Next, referring to FIG. 2E, a first insulating layer 140 is deposited on the third insulating layer 128, the second pads P2 and the first display element stack 130, wherein the first insulating layer 140 contacts the second pads P2, the first The sidewall S1 of the display element stack 130 , the top surface of the epitaxial buffer pattern 134 , and the matching pattern 135 are displayed. Next, the first insulating layer 140 is patterned by an etching process to form a first via V1 and a second via V2, wherein the orthographic projection of the first via V1 on the first substrate 110 can overlap the epitaxial buffer pattern 134 The orthographic projection of the opening OP on the first substrate 110 , and the orthographic projection of the second through hole V2 on the first substrate 110 may overlap the orthographic projection of the second pad P2 on the first substrate 110 . In this way, the first through hole V1 and the opening OP can expose the matching pattern 135 of the first display element stack 130, and the second through hole V2 can expose the four conductive patterns 129b of the second pad P2.

Next, referring to FIG. 2F , a conductive layer is deposited on the first insulating layer 140 and patterned to form the connection electrode 150 . The connection electrode 150 can contact the matching pattern 135 of the first display element stack 130 through the first through hole V1 and the opening OP, and can contact the four conductive patterns 129b of the second pad P2 through the second through hole V2. The material of the connection electrode 150 may include indium tin oxide (ITO), indium zinc oxide (IZO), indium gallium zinc oxide (IGZO) or other suitable conductive oxides, but the invention is not limited thereto.

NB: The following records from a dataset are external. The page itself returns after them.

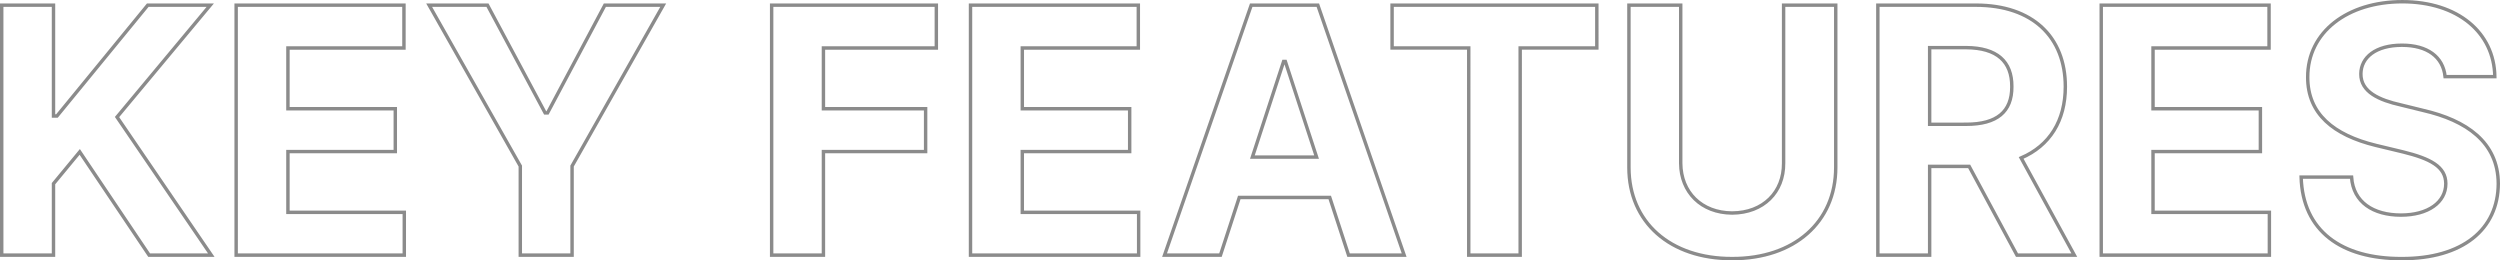 <svg xmlns="http://www.w3.org/2000/svg" width="728.337" height="75.836" viewBox="0 0 728.337 75.836">
  <path id="패스_6483" data-name="패스 6483" d="M6.136,0H21.224V-20.821l7.645-9.254L49.086,0H67.191L39.731-40.234,66.89-72.824H48.684L22.229-40.536H21.224V-72.824H6.136Zm68.3,0h48.985V-12.473h-33.9v-17.7H120.8V-42.648H89.521v-17.7h33.8V-72.824H74.434Zm56.228-72.824,26.555,46.873V0H172.3V-25.951l26.555-46.873h-17l-16.7,31.383h-.7l-16.8-31.383ZM230.442,0H245.53V-30.176H275.3V-42.648H245.53v-17.7h32.892V-72.824H230.442ZM288.38,0h48.985V-12.473h-33.9v-17.7H334.75V-42.648H303.468v-17.7h33.8V-72.824H288.38ZM361.2,0l5.482-16.8h26.353L398.521,0h16.194L389.569-72.824H370.156L344.909,0Zm9.3-28.566,9.1-27.862h.5l9.1,27.862ZM411.2-60.351h22.33V0h14.987V-60.351h22.33V-72.824H411.2ZM525.26-72.824v46.068c.05,8.4-5.884,14.434-14.987,14.484-9-.05-14.937-6.085-14.987-14.484V-72.824H480.2v47.275c0,15.943,11.97,26.6,30.075,26.555,18.055.05,30.176-10.612,30.176-26.555V-72.824ZM552.72,0h15.088V-25.851h11.517L593.256,0h16.7l-15.49-28.315c8.3-3.571,12.875-10.813,12.875-20.771,0-14.434-9.505-23.738-26.052-23.738H552.72Zm15.088-38.122v-22.33H578.47c8.952.05,13.328,4.023,13.277,11.366.05,7.292-4.325,10.964-13.277,10.964ZM617.8,0h48.985V-12.473h-33.9v-17.7h31.282V-42.648H632.887v-17.7h33.8V-72.824H617.8ZM717.982-52h14.484c-.2-12.875-10.813-21.827-26.957-21.827-15.943,0-27.611,8.8-27.56,22.028,0,10.662,7.544,16.8,19.815,19.815l7.946,1.911c7.946,1.961,12.473,4.275,12.473,9.254,0,5.432-5.13,9.153-13.076,9.153-8.047,0-13.881-3.722-14.384-11.064H676.038c.453,15.641,11.668,23.789,29.27,23.738,17.753.05,28.114-8.5,28.164-21.827-.05-12.121-9.354-18.457-21.827-21.324l-6.538-1.609c-6.287-1.408-11.718-3.772-11.668-9.053.05-4.828,4.325-8.349,11.97-8.349C712.8-61.156,717.379-57.787,717.982-52Z" transform="translate(-5.636 74.33)" fill="none" stroke="#888" stroke-width="1" opacity="0.97"/>
</svg>
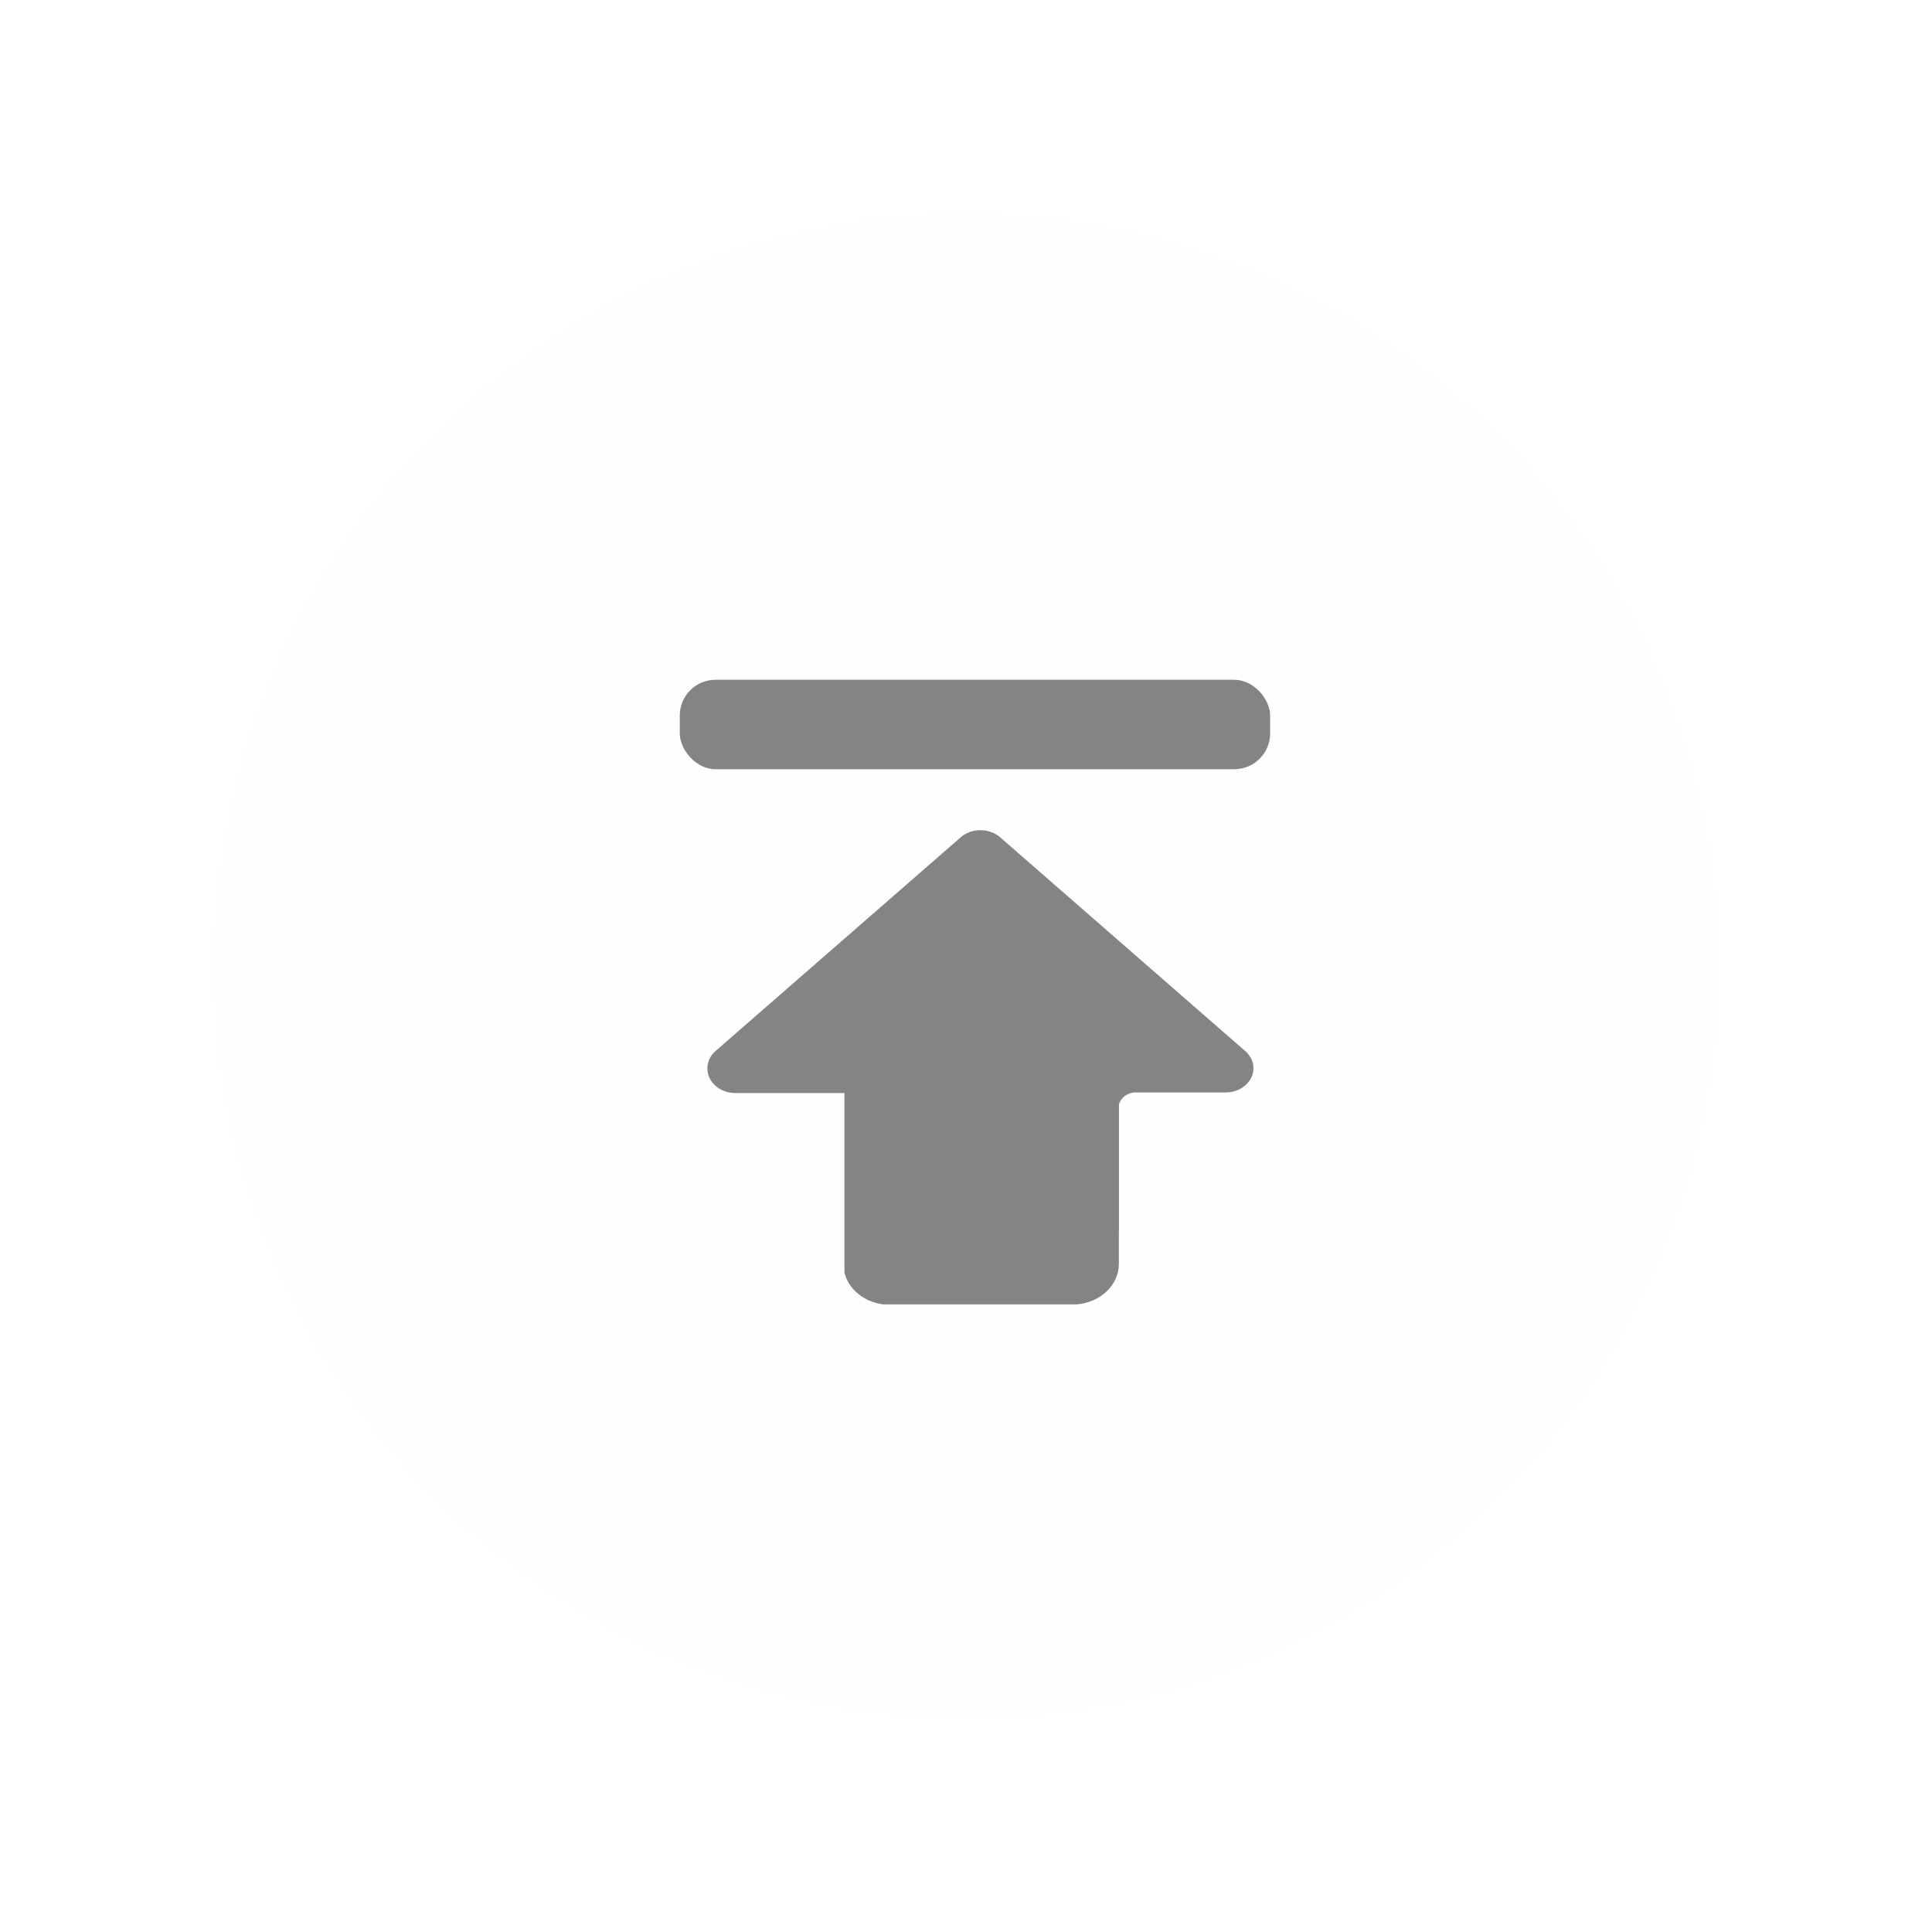 <svg width="108" height="108" viewBox="0 0 108 108" fill="none" xmlns="http://www.w3.org/2000/svg">
<g filter="url(#filter0_d_24921_40332)">
<circle cx="54" cy="52" r="42" fill="#FDFDFD" fill-opacity="0.8"/>
<path d="M62.542 68.664L62.542 68.647L62.545 68.647L62.545 66.851L62.549 66.851L62.549 59.748C62.637 59.396 62.964 59.124 63.376 59.071L68.51 59.071C68.536 59.071 68.559 59.071 68.586 59.067C68.597 59.067 68.609 59.067 68.624 59.064C68.635 59.064 68.651 59.064 68.662 59.061C68.677 59.061 68.693 59.057 68.708 59.057C68.719 59.057 68.727 59.054 68.738 59.054C68.754 59.051 68.772 59.051 68.788 59.047C68.795 59.047 68.803 59.044 68.814 59.044C68.83 59.041 68.849 59.038 68.864 59.034C68.872 59.034 68.879 59.031 68.887 59.031L68.933 59.021C68.94 59.018 68.951 59.018 68.959 59.014C68.974 59.011 68.99 59.008 69.001 59.001C69.013 58.998 69.02 58.994 69.031 58.991C69.043 58.988 69.058 58.981 69.07 58.978L69.104 58.968C69.115 58.965 69.127 58.958 69.138 58.955C69.15 58.951 69.165 58.944 69.176 58.941C69.184 58.938 69.195 58.935 69.203 58.928C69.218 58.921 69.23 58.915 69.245 58.911C69.252 58.908 69.26 58.905 69.268 58.898C69.283 58.891 69.294 58.885 69.309 58.878C69.317 58.875 69.325 58.871 69.332 58.865C69.348 58.858 69.359 58.848 69.374 58.842C69.382 58.838 69.389 58.832 69.397 58.828C69.412 58.822 69.424 58.812 69.439 58.802C69.447 58.795 69.454 58.792 69.462 58.785C69.473 58.779 69.485 58.769 69.496 58.762C69.508 58.755 69.515 58.745 69.527 58.739C69.534 58.732 69.546 58.725 69.553 58.719C69.572 58.702 69.591 58.689 69.61 58.672C69.629 58.656 69.645 58.639 69.664 58.623C69.671 58.616 69.679 58.606 69.687 58.599C69.694 58.589 69.706 58.583 69.713 58.573C69.725 58.563 69.732 58.553 69.74 58.543C69.748 58.536 69.751 58.529 69.759 58.523C69.77 58.51 69.778 58.5 69.789 58.486C69.793 58.48 69.801 58.473 69.805 58.466C69.812 58.453 69.824 58.443 69.831 58.43C69.835 58.423 69.839 58.417 69.847 58.41C69.854 58.397 69.862 58.387 69.869 58.373C69.873 58.367 69.877 58.36 69.885 58.353C69.892 58.34 69.9 58.33 69.904 58.317C69.907 58.31 69.911 58.3 69.919 58.294C69.927 58.284 69.93 58.27 69.934 58.261C69.938 58.251 69.946 58.241 69.949 58.231L69.961 58.201C69.965 58.191 69.972 58.178 69.976 58.168C69.98 58.158 69.984 58.151 69.987 58.141C69.991 58.128 69.999 58.114 70.003 58.105C70.007 58.098 70.007 58.088 70.01 58.081L70.022 58.041C70.026 58.035 70.026 58.028 70.029 58.018C70.033 58.005 70.037 57.988 70.041 57.975C70.041 57.968 70.045 57.962 70.045 57.952C70.048 57.938 70.052 57.922 70.052 57.909C70.052 57.899 70.056 57.892 70.056 57.882C70.06 57.869 70.06 57.855 70.06 57.842C70.06 57.832 70.064 57.819 70.064 57.809C70.064 57.799 70.067 57.789 70.067 57.779C70.071 57.736 70.071 57.69 70.067 57.643C70.067 57.633 70.067 57.623 70.064 57.613C70.064 57.603 70.064 57.59 70.06 57.58C70.06 57.567 70.056 57.553 70.056 57.54C70.056 57.53 70.052 57.523 70.052 57.514C70.048 57.5 70.048 57.484 70.045 57.47C70.045 57.464 70.041 57.457 70.041 57.447C70.037 57.434 70.033 57.417 70.029 57.404C70.026 57.397 70.026 57.391 70.022 57.381L70.01 57.341C70.007 57.334 70.007 57.324 70.003 57.318C69.999 57.304 69.995 57.291 69.987 57.281C69.984 57.271 69.98 57.264 69.976 57.255C69.972 57.245 69.965 57.231 69.961 57.221C69.957 57.211 69.953 57.201 69.946 57.191C69.942 57.181 69.934 57.172 69.93 57.161C69.927 57.152 69.919 57.138 69.915 57.128C69.911 57.122 69.907 57.112 69.9 57.105C69.892 57.092 69.885 57.082 69.877 57.069C69.873 57.062 69.869 57.055 69.862 57.049C69.854 57.035 69.847 57.022 69.839 57.012C69.835 57.005 69.831 56.999 69.824 56.992C69.816 56.979 69.805 56.966 69.797 56.956C69.793 56.949 69.786 56.942 69.782 56.936C69.774 56.922 69.763 56.913 69.751 56.899C69.744 56.893 69.74 56.886 69.732 56.879C69.725 56.869 69.713 56.859 69.706 56.846C69.698 56.836 69.69 56.83 69.679 56.819C69.671 56.813 69.664 56.803 69.656 56.796C69.641 56.78 69.622 56.763 69.603 56.75L55.945 44.837L55.911 44.807C55.606 44.541 55.206 44.408 54.806 44.408C54.407 44.408 54.007 44.541 53.702 44.807L53.668 44.837L40.002 56.75C39.694 57.019 39.542 57.374 39.545 57.726L39.545 57.739C39.545 58.49 40.242 59.101 41.107 59.101L47.205 59.101L47.205 69.135C47.422 70.059 48.29 70.779 49.368 70.915L60.215 70.915C61.521 70.796 62.542 69.833 62.542 68.664Z" fill="#848484"/>
<rect x="38" y="36" width="33" height="5" rx="2" fill="#848484"/>
</g>
<defs>
<filter id="filter0_d_24921_40332" x="0" y="0" width="108" height="108" filterUnits="userSpaceOnUse" color-interpolation-filters="sRGB">
<feFlood flood-opacity="0" result="BackgroundImageFix"/>
<feColorMatrix in="SourceAlpha" type="matrix" values="0 0 0 0 0 0 0 0 0 0 0 0 0 0 0 0 0 0 127 0" result="hardAlpha"/>
<feOffset dy="2"/>
<feGaussianBlur stdDeviation="6"/>
<feComposite in2="hardAlpha" operator="out"/>
<feColorMatrix type="matrix" values="0 0 0 0 0 0 0 0 0 0 0 0 0 0 0 0 0 0 0.1 0"/>
<feBlend mode="normal" in2="BackgroundImageFix" result="effect1_dropShadow_24921_40332"/>
<feBlend mode="normal" in="SourceGraphic" in2="effect1_dropShadow_24921_40332" result="shape"/>
</filter>
</defs>
</svg>

Based on the above, in the manufacturing method of the display panel 10 of this embodiment, the epitaxial stack 220 can be attached to the driving array substrate 100 by connecting the driving array substrate 100 and the epitaxial substrate 200 . The bonding yield between the 220 and the driving circuit layer 120 is high. In addition, the first display element stack 130 is formed by patterning after the epitaxial stack 220 is bonded to the driving circuit layer 120. Therefore, the arrangement position, size and spacing of the first display element stack 130 are mainly determined by lithography The etching process accuracy is determined. Compared with the process precision of mass transfer, the process precision of lithography etching is obviously higher. Therefore, the size and spacing of the first display element stack 130 can be reduced, thereby improving the pixel density and resolution of the display panel 10 . In addition, high cost of mass transfer equipment can be saved because mass transfer technology is not required.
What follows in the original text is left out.